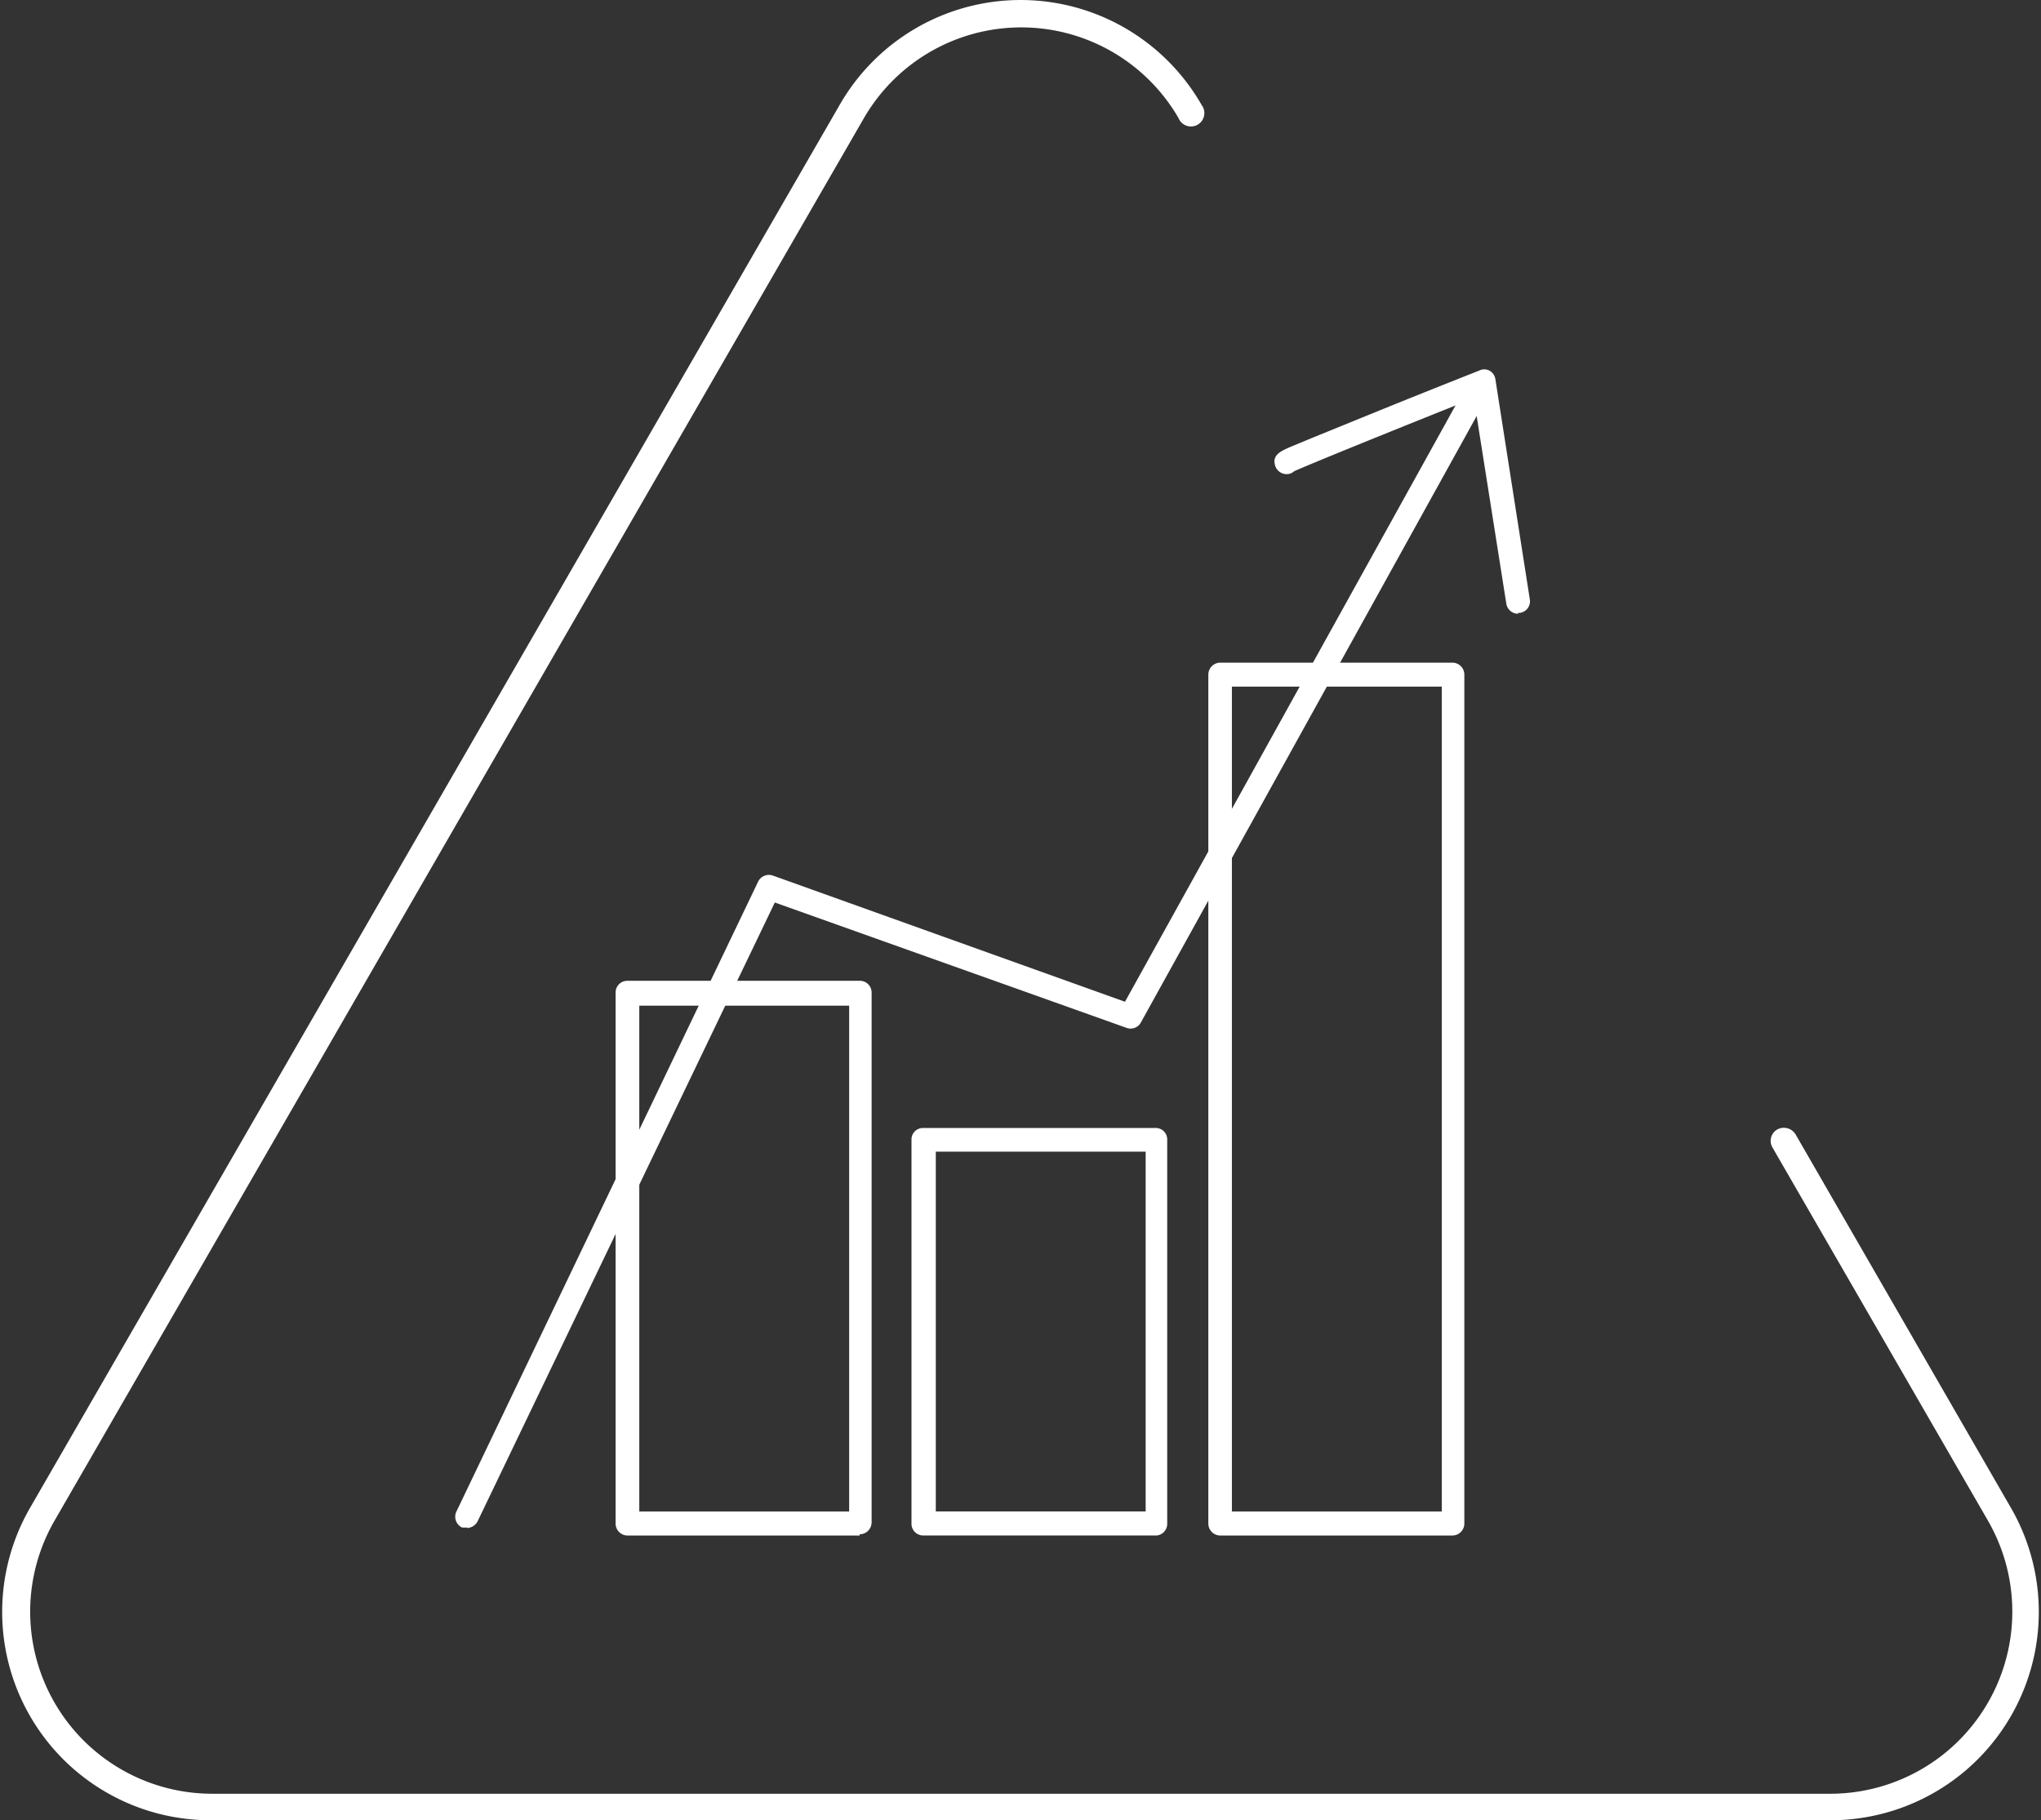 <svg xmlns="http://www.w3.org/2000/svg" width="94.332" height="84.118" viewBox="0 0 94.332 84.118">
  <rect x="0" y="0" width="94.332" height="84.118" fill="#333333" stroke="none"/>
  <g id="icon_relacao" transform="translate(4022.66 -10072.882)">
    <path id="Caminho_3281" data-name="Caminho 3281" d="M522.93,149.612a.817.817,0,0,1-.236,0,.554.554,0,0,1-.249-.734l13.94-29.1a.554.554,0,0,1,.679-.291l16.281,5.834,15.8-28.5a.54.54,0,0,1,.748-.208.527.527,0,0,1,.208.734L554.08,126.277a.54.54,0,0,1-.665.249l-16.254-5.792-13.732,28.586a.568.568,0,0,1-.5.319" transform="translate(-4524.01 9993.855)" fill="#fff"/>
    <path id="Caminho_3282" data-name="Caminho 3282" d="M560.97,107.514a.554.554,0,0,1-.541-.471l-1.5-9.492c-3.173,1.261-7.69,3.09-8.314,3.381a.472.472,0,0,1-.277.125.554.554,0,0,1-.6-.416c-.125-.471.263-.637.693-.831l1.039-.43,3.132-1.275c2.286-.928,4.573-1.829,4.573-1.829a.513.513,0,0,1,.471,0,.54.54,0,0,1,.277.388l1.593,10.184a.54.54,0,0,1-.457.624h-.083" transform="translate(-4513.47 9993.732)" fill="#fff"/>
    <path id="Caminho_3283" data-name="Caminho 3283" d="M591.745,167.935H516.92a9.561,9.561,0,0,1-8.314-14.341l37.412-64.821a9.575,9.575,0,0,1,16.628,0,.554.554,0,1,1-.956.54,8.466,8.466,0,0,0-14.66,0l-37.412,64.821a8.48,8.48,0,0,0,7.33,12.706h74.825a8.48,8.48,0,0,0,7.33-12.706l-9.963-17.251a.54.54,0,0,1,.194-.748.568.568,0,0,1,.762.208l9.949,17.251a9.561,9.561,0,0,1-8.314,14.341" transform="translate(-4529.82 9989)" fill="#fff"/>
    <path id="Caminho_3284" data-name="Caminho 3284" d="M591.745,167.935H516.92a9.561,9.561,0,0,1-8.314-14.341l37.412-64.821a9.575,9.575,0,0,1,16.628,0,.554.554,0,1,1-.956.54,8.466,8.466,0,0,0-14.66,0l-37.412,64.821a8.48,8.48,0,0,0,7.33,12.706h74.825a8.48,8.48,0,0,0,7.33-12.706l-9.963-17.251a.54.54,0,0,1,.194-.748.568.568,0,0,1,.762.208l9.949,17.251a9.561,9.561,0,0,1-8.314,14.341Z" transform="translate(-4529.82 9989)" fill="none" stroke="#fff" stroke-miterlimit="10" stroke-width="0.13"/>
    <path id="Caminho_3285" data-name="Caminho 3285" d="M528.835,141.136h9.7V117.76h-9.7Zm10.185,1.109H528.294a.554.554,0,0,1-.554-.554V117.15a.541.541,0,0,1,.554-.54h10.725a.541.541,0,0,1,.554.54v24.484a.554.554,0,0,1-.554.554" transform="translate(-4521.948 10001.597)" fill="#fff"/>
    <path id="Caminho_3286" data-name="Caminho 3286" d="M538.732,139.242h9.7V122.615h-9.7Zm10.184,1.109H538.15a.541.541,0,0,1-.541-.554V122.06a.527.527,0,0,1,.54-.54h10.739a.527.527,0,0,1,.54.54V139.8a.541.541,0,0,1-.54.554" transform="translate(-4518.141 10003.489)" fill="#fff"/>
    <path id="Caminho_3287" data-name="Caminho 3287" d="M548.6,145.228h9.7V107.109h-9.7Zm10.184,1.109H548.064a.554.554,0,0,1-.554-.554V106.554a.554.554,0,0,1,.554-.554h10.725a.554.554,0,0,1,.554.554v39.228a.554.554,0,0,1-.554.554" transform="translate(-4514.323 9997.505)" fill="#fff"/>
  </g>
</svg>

━━━

=== WHAT TO DO ===
Please copy each line of the records above that holds the word "none".

=== OUTPUT BELOW ===
  <rect x="0" y="0" width="94.332" height="84.118" fill="#333333" stroke="none"/>
    <path id="Caminho_3284" data-name="Caminho 3284" d="M591.745,167.935H516.92a9.561,9.561,0,0,1-8.314-14.341l37.412-64.821a9.575,9.575,0,0,1,16.628,0,.554.554,0,1,1-.956.54,8.466,8.466,0,0,0-14.66,0l-37.412,64.821a8.48,8.48,0,0,0,7.33,12.706h74.825a8.48,8.48,0,0,0,7.33-12.706l-9.963-17.251a.54.54,0,0,1,.194-.748.568.568,0,0,1,.762.208l9.949,17.251a9.561,9.561,0,0,1-8.314,14.341Z" transform="translate(-4529.82 9989)" fill="none" stroke="#fff" stroke-miterlimit="10" stroke-width="0.13"/>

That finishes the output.